Uncertainty Quantification: Beyond Probability
Abstract: The need to account for uncertainty is intuitively self-evident across all technical communities, but there is less concurrence on the means of doing it. Within the confines of our own communities we’re tempted to believe that the methods we use are widely accepted as canonical. However, diverse approaches have been adopted to uncertainty quantification using methods based on fundamentally disparate concepts, uncertainty metrics, and means of analysis. The reasons that an uncertainty method is favored can be many: ease of application, simplicity of communication, economy of required analytical resources, defensibility of quantification, practicality of standardization, and conceptual acceptability, among others. Because communities can attach different weights to these criteria, preferred approaches differ. In this presentation, Dr. Steve Unwin will look at the pros and cons of a range of quantitative uncertainty characterization approaches.
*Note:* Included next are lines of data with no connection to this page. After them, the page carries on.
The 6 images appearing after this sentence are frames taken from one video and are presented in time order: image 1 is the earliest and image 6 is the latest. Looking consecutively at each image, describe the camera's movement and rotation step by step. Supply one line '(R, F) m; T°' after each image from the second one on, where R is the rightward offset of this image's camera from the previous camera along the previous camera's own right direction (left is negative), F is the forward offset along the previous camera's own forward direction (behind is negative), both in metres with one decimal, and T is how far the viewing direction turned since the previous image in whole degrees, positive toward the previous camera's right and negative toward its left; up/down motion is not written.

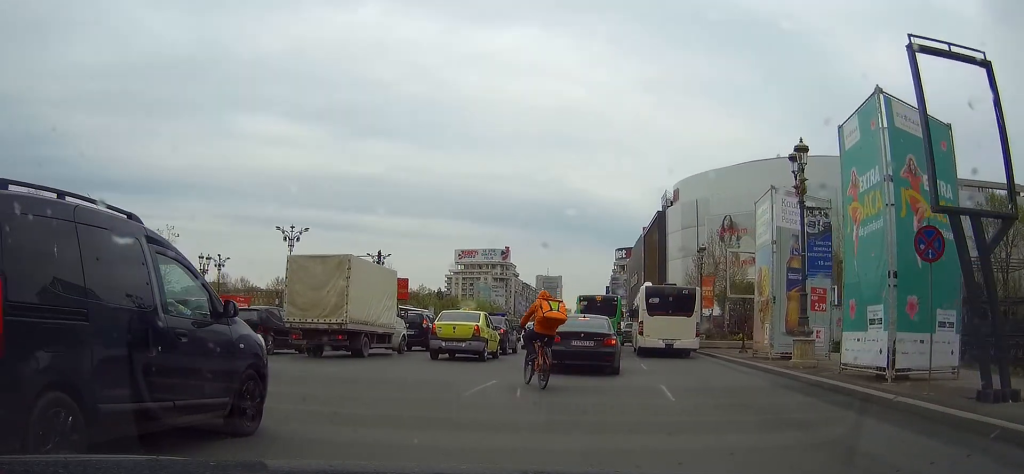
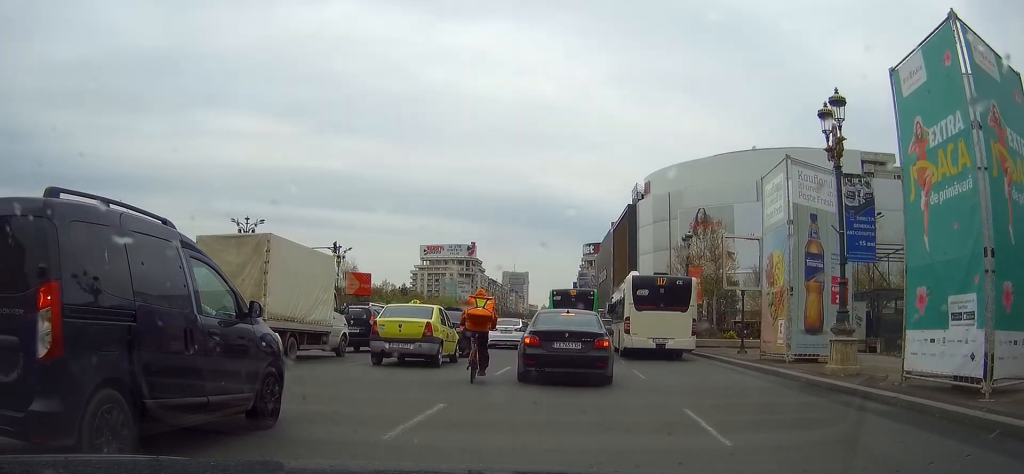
(-0.1, +4.8) m; -3°
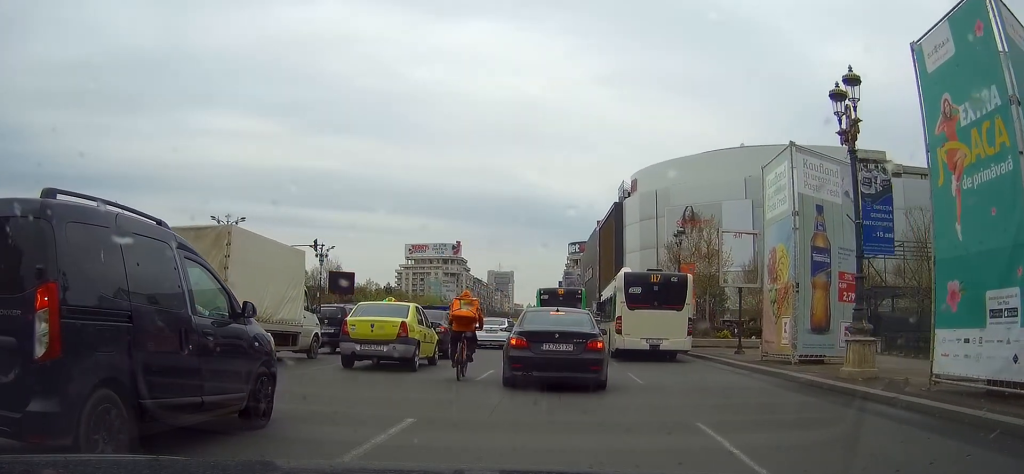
(-0.1, +1.8) m; -2°
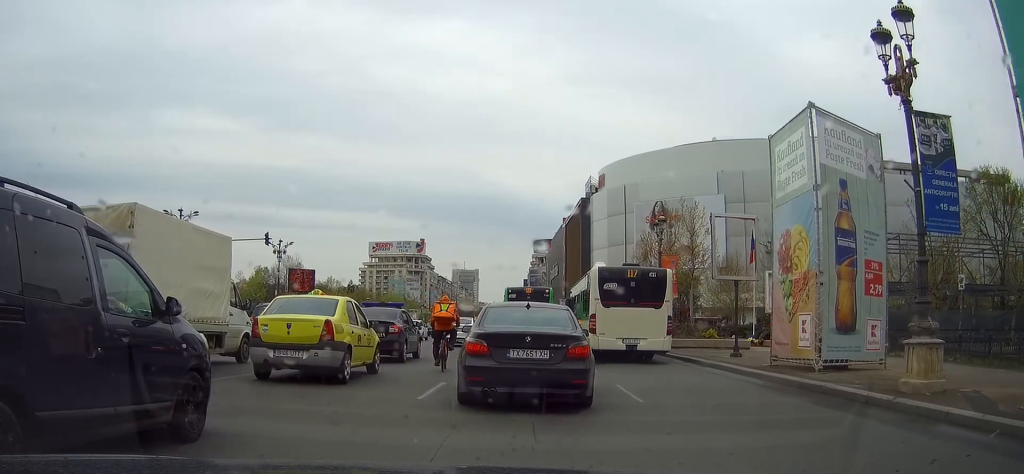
(0.0, +4.8) m; +2°
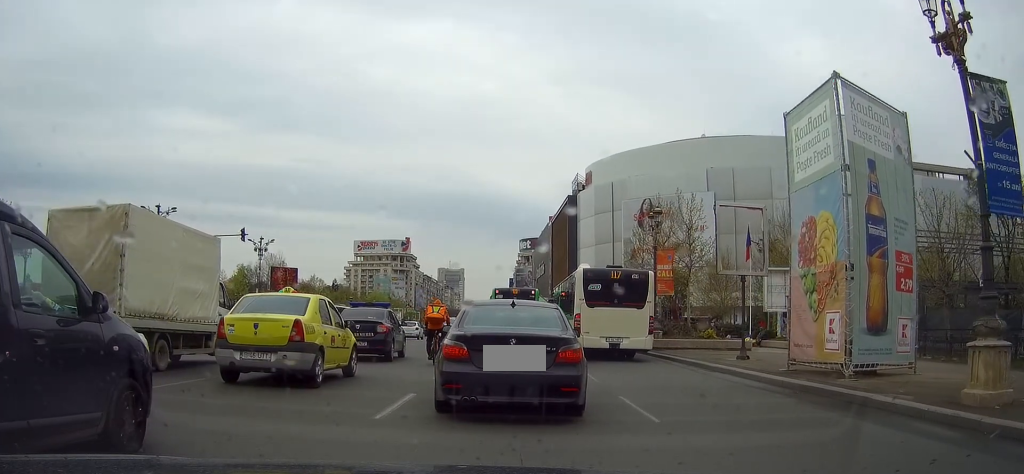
(+0.1, +3.0) m; +6°
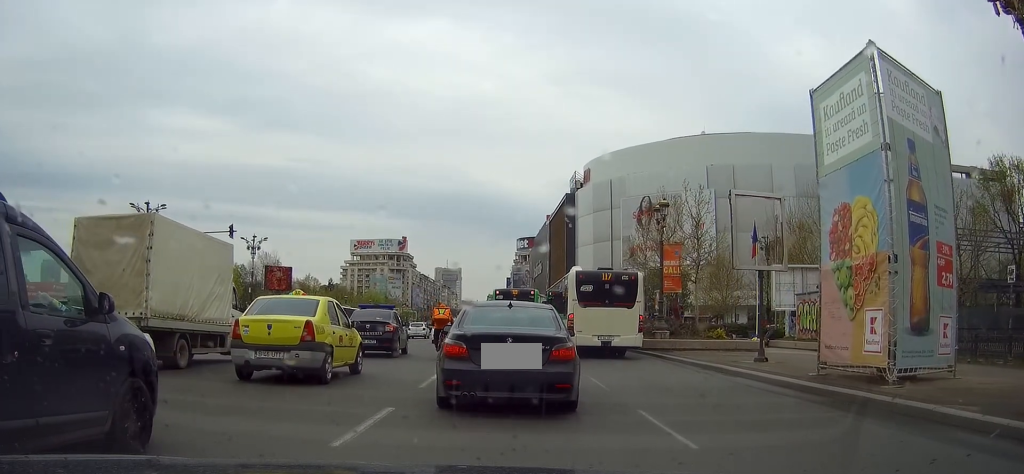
(+0.2, +2.5) m; +3°

Bio: Dr. Unwin's career has centered on the development of uncertainty and risk-analytic methodologies, their application to multi-domain problems of national and commercial importance, and the founding of businesses on those capabilities. He has developed methods and models for risk-informed decision-making that continue to be applied in numerous sectors, including nuclear energy, oil & gas, power grid infrastructure, renewable energy, national security, climate adaptation, the chemical process industries, and the fossil energy sector. Before joining Pacific Northwest National Laboratory in 2006 he founded Brookhaven National Laboratory's Safety Integration Group, SAIC's Risk & Reliability Management Division, Battelle's Integrated Risk Management Group, and Unwin Company - Integrated Risk Management which is a continuing risk management resource to commercial and government clients. He has contributed substantially to the international literature on risk and uncertainty, and currently supports numerous federal sponsors in the risk-informed management of programs and resources. He holds a bachelors degree in physics from Imperial College, London and a doctorate in theoretical physics from the University of Manchester, UK.